The Deep-time Digital Earth program: Data-driven discovery in geosciences
Humans have long explored three big scientific questions: the evolution of the universe, the evolution of Earth, and the evolution of life. Geoscientists have embraced the mission of elucidating the evolution of Earth and life, which are preserved in the information-rich but incomplete geological record that spans more than 4.5 billion years of Earth history. Delving into Earth's deep-time history helps geoscientists decipher mechanisms and rates of Earth's evolution, unravel the rates and mechanisms of climate change, locate natural resources, and envision the future of Earth.
Deductive reasoning and inductive reasoning have been widely employed for studying Earth's history. In contrast to deduction and induction, abduction is derived from accumulation and analysis of large amounts of reliable data, independently of a premise or generalization. Abduction thus has the potential to generate transformative discoveries in science. With the accumulation of enormous volumes of deep-time Earth data, geoscientists are poised to transform research in deep-time Earth science through data-driven abductive discovery.
However, three issues must be resolved to facilitate abductive discovery using deep-time databases. First, many relevant geodata resources are not in compliance with FAIR (findable, accessible, interoperable and reusable) principles for scientific data management and stewardship. Second, concepts and terminologies used in databases are not well defined; thus, the same terms may have different meanings across databases. Without standardized terminology and definitions of concepts, it is difficult to achieve data interoperability and reusability. Third, databases are highly heterogeneous in terms of geographic regions, spatial and temporal resolution, coverages of geological themes, limitations of data availability, formats, languages and metadata. Due to the complex evolution of Earth and interactions among multiple spheres (e.g., lithosphere, hydrosphere, biosphere and atmosphere) in Earth systems, it is difficult to see the whole picture of Earth's evolution from separated thematic views, each with limited scope.

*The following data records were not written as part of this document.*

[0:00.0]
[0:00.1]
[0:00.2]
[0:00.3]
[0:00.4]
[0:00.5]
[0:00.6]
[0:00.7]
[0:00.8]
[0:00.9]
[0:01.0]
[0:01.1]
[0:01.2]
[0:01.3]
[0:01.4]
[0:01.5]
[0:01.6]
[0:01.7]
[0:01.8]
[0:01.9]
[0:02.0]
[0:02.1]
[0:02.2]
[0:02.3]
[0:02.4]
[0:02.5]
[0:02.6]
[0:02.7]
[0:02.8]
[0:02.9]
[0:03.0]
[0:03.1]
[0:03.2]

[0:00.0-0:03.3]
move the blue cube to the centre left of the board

Big data and artificial intelligence are creating opportunities for resolving these issues. To explore Earth's evolution efficiently and effectively through deep-time big data, we need FAIR, synthetic and comprehensive databases across all fields of deep-time Earth science, couple with tailored computation methods. This goal motivates the Deep-time Digital Earth program (DDE), which is the first "big science program" initiated by the International Union of Geological Sciences (IUGS) and developed in cooperation with national geological surveys, professional associations, academic institutions, and scientists around the world. The main objective of DDE is to facilitate deep-time, data-driven discoveries through international and interdisciplinary collaborations. DDE aims to provide an open platform for linking existing deep-time Earth data and integrating geological data that users can interrogate by specifying time, space, and subject (i.e., a "Geological Google") and for processing data for knowledge discovery using a knowledge engine (Deep-time Earth Engine) that provides computing power, models, methods, and algorithms (Figure 1).

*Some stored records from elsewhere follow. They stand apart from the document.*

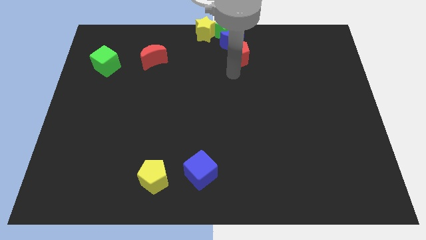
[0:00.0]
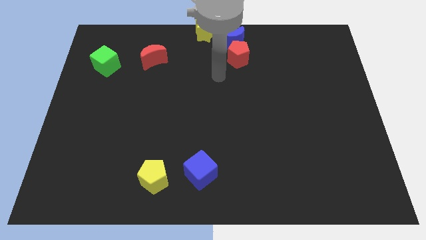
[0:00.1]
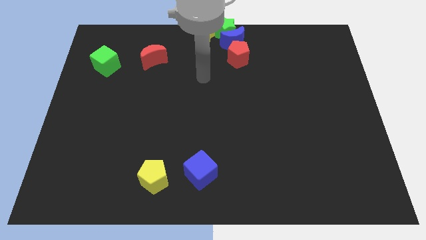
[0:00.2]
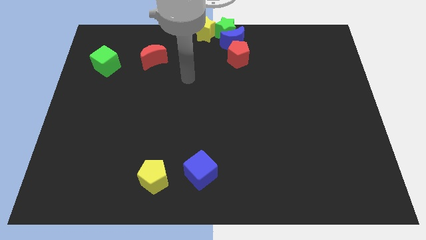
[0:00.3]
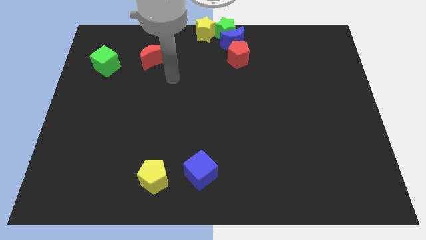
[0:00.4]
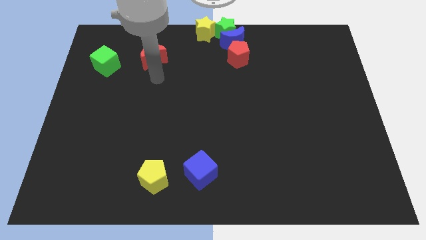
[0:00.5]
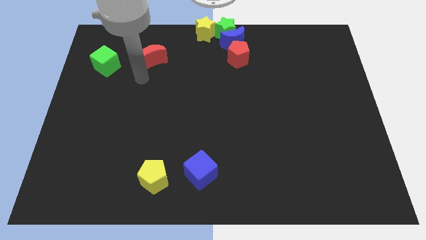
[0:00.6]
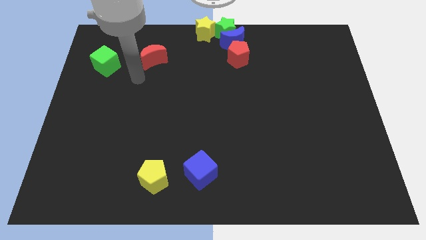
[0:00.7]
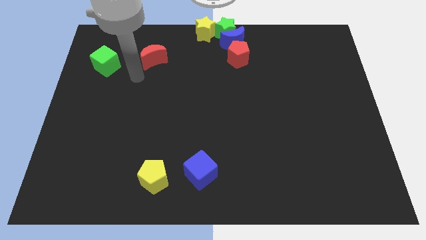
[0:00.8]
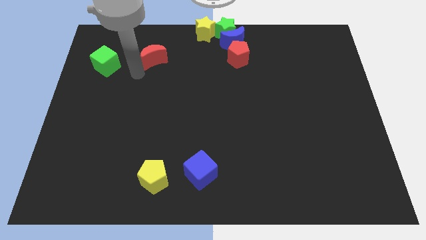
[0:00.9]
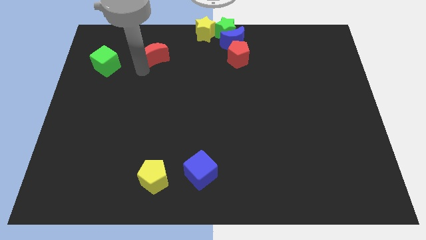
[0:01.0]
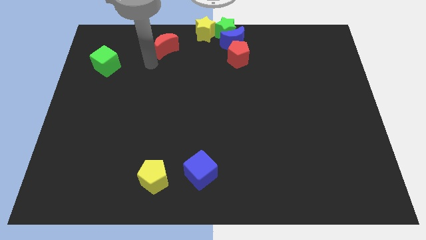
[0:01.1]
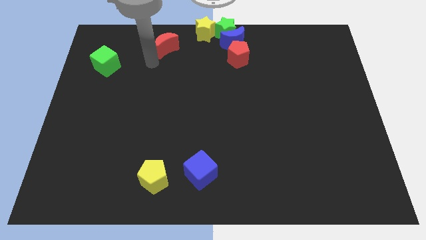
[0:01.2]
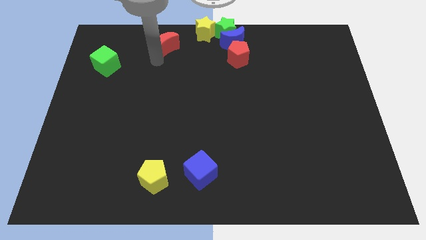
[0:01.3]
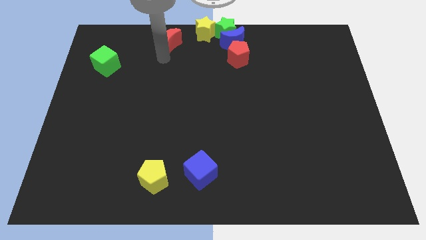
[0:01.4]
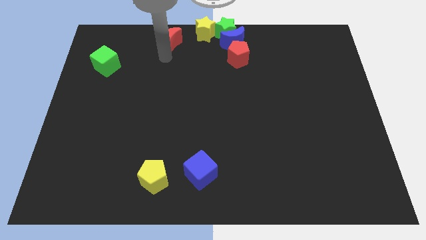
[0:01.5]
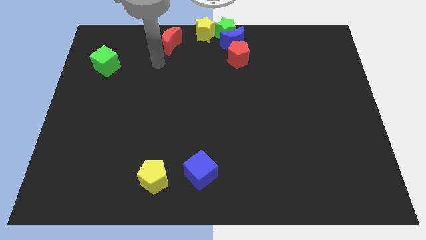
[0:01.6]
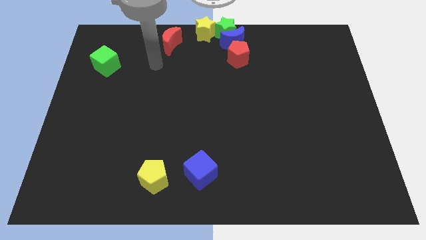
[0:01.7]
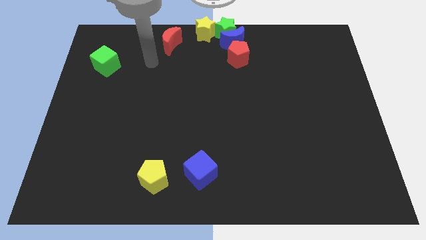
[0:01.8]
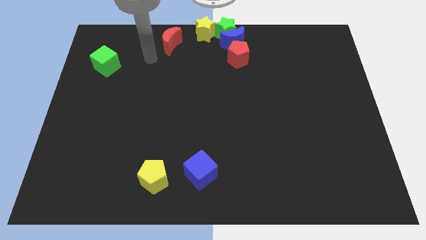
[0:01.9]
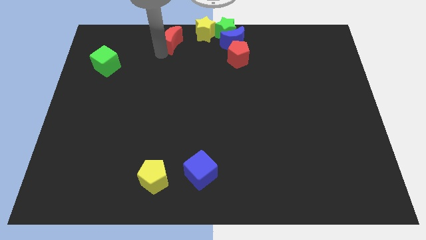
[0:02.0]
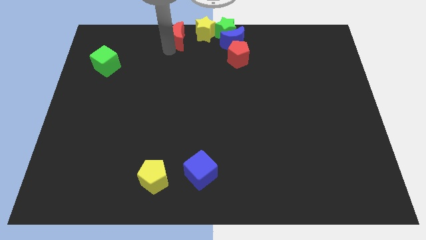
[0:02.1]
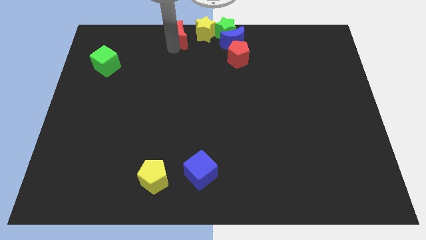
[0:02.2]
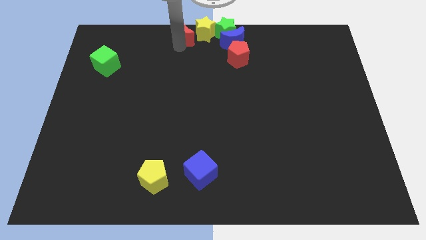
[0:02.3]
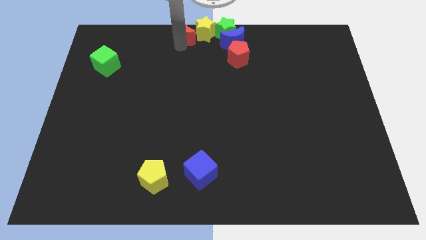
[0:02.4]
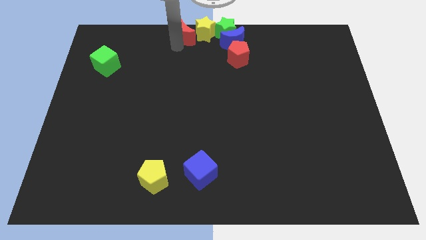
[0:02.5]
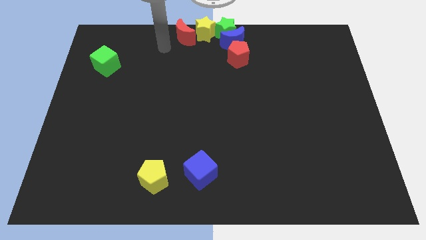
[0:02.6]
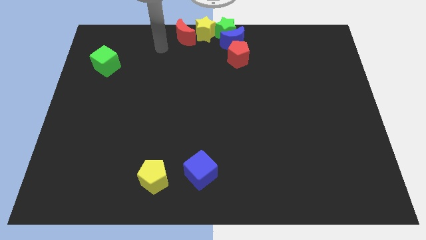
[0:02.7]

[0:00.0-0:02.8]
place red moon to the left of yellow star

To achieve its mission and vision, the DDE program has three main components: program management committees, centers of excellence, and working, platform and task groups. And DDE will build on existing deep-time Earth knowledge systems and develop an open platform (Figure 2). A deep-time Earth knowledge system consists of the basic definitions and relationships among concepts in deep-time Earth, which are necessary for harmonizing deep-time Earth data and developing a knowledge engine for supporting abductive exploration of Earth's evolution. The first step in DDE's research plan is to build on existing deep-time Earth knowledge systems. The second step in DDE's research plan is to build an interoperable deep-time Earth data infrastructure. And the third step in DDE's research plan is to develop a deep-time Earth open platform.

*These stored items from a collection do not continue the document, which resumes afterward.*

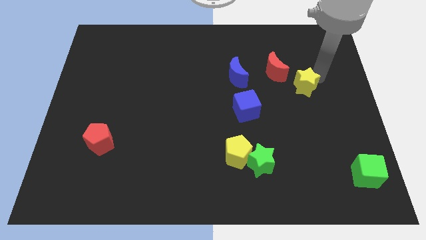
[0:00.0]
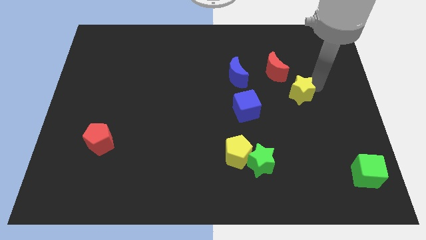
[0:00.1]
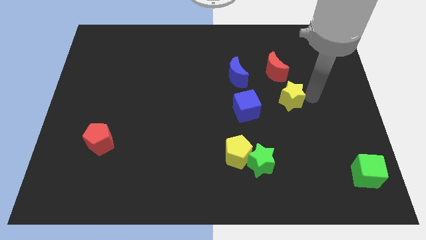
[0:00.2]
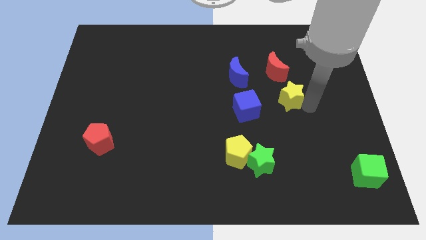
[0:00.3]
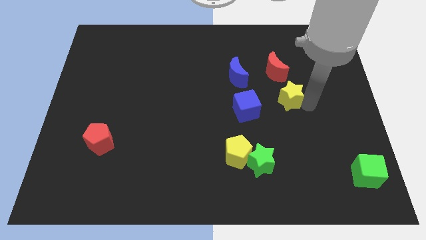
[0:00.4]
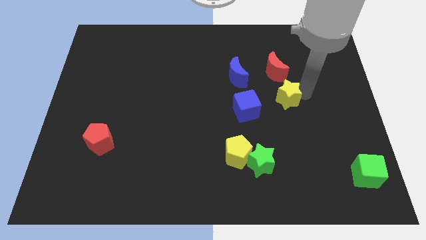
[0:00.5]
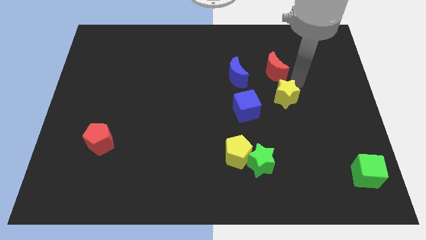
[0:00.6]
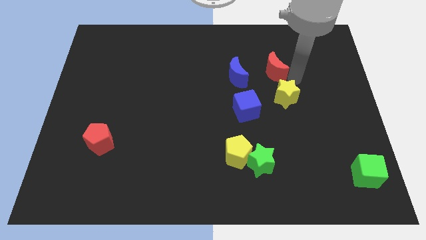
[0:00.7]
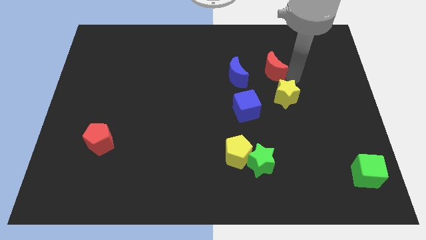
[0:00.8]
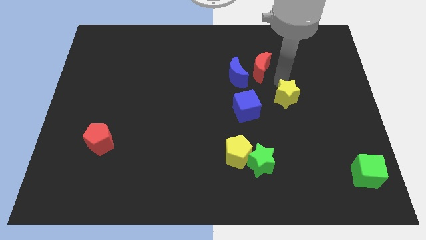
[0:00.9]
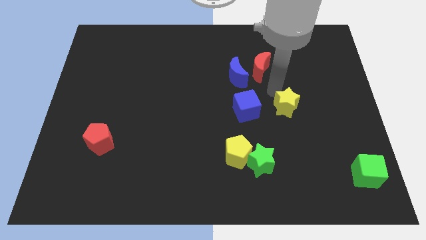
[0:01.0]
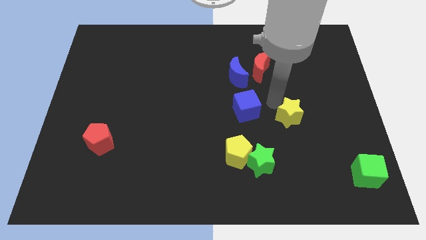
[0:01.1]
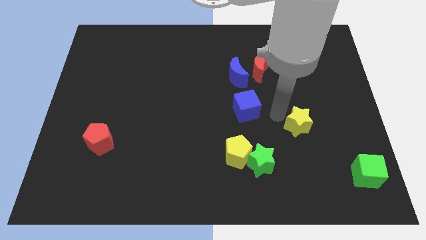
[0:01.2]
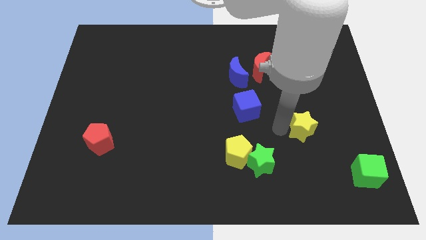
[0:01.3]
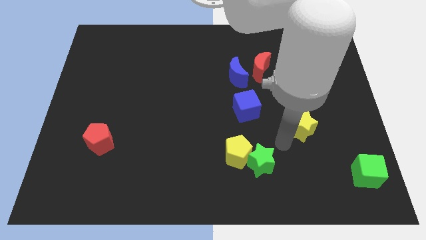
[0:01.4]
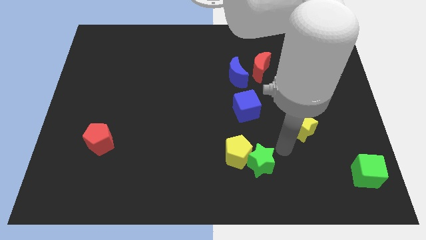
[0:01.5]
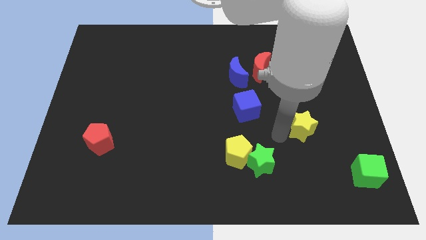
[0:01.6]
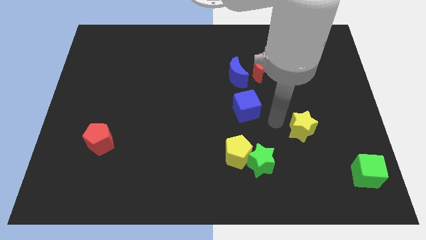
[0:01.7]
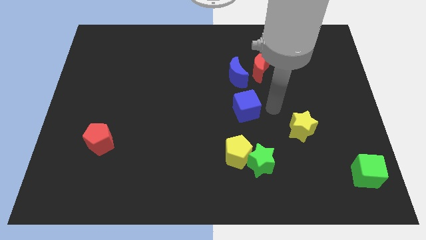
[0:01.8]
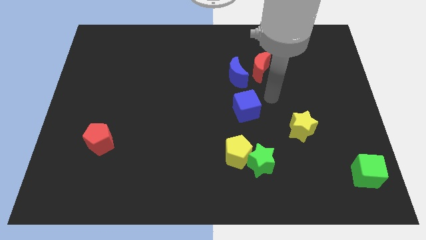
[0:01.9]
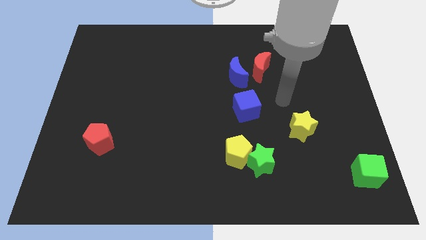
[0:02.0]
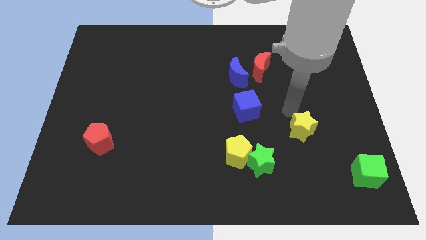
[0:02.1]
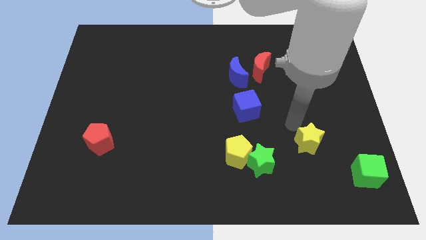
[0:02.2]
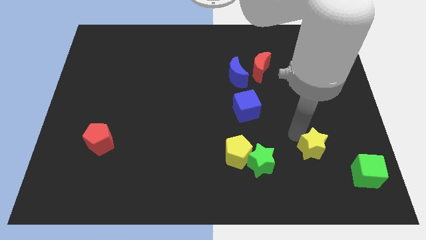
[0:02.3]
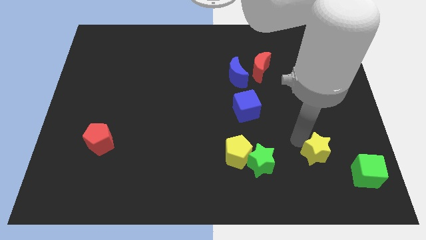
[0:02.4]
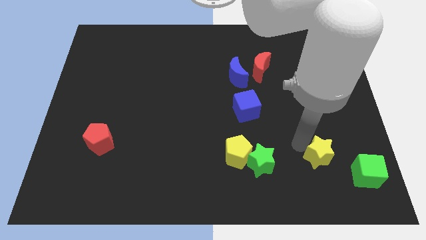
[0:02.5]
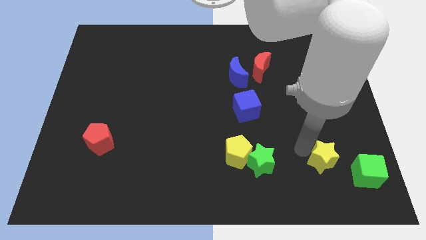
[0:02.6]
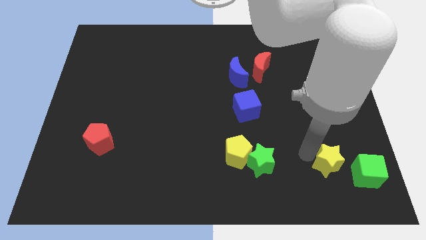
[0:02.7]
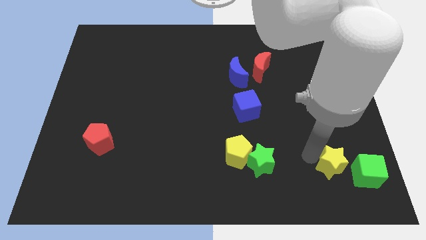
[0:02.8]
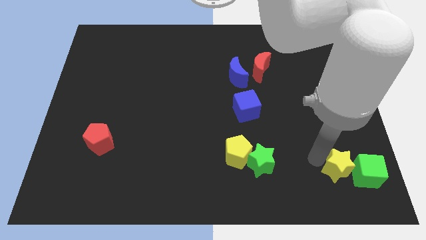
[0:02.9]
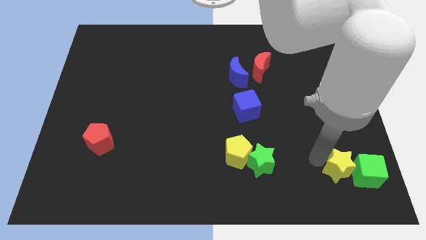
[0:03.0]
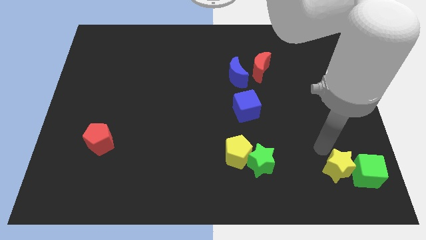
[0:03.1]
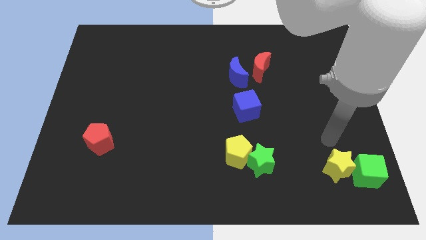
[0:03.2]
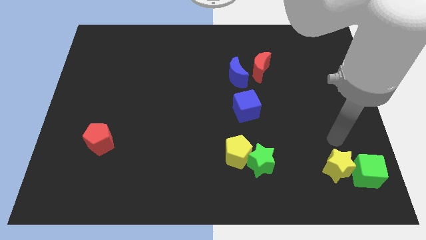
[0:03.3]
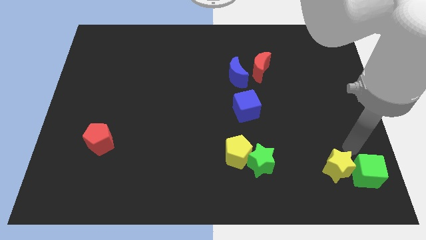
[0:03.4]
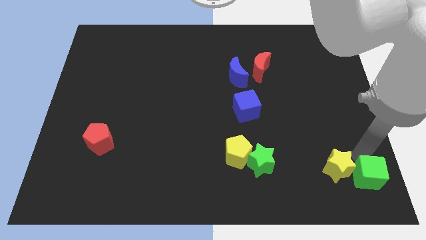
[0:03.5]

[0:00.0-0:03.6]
move yellow star towards green cube

The execution of the DDE program consists of four phases. In Phase 1, DDE establishes an organizational structure with international standards of policy and management. In Phase 2, DDE forms the initial teams and builds on existing deep-time Earth knowledge systems and data standards by collaborating with existing ontology researchers in the geosciences, while working to link and harmonize deep-time Earth databases. In Phase 3, DDE develops tailored algorithms and techniques for environments of cloud computing and supercomputing. In Phase 4, Earth scientists and data scientists collaborate seamlessly on compelling and integrative scientific problems.
As integrative and international ambitions of the DDE program, several challenges were anticipated. However, by creating an open-access data resource that for the first time integrates all aspects of Earth's narrated past, DDE holds the promise of understanding our planet's past, present, and future in new and vivid detail.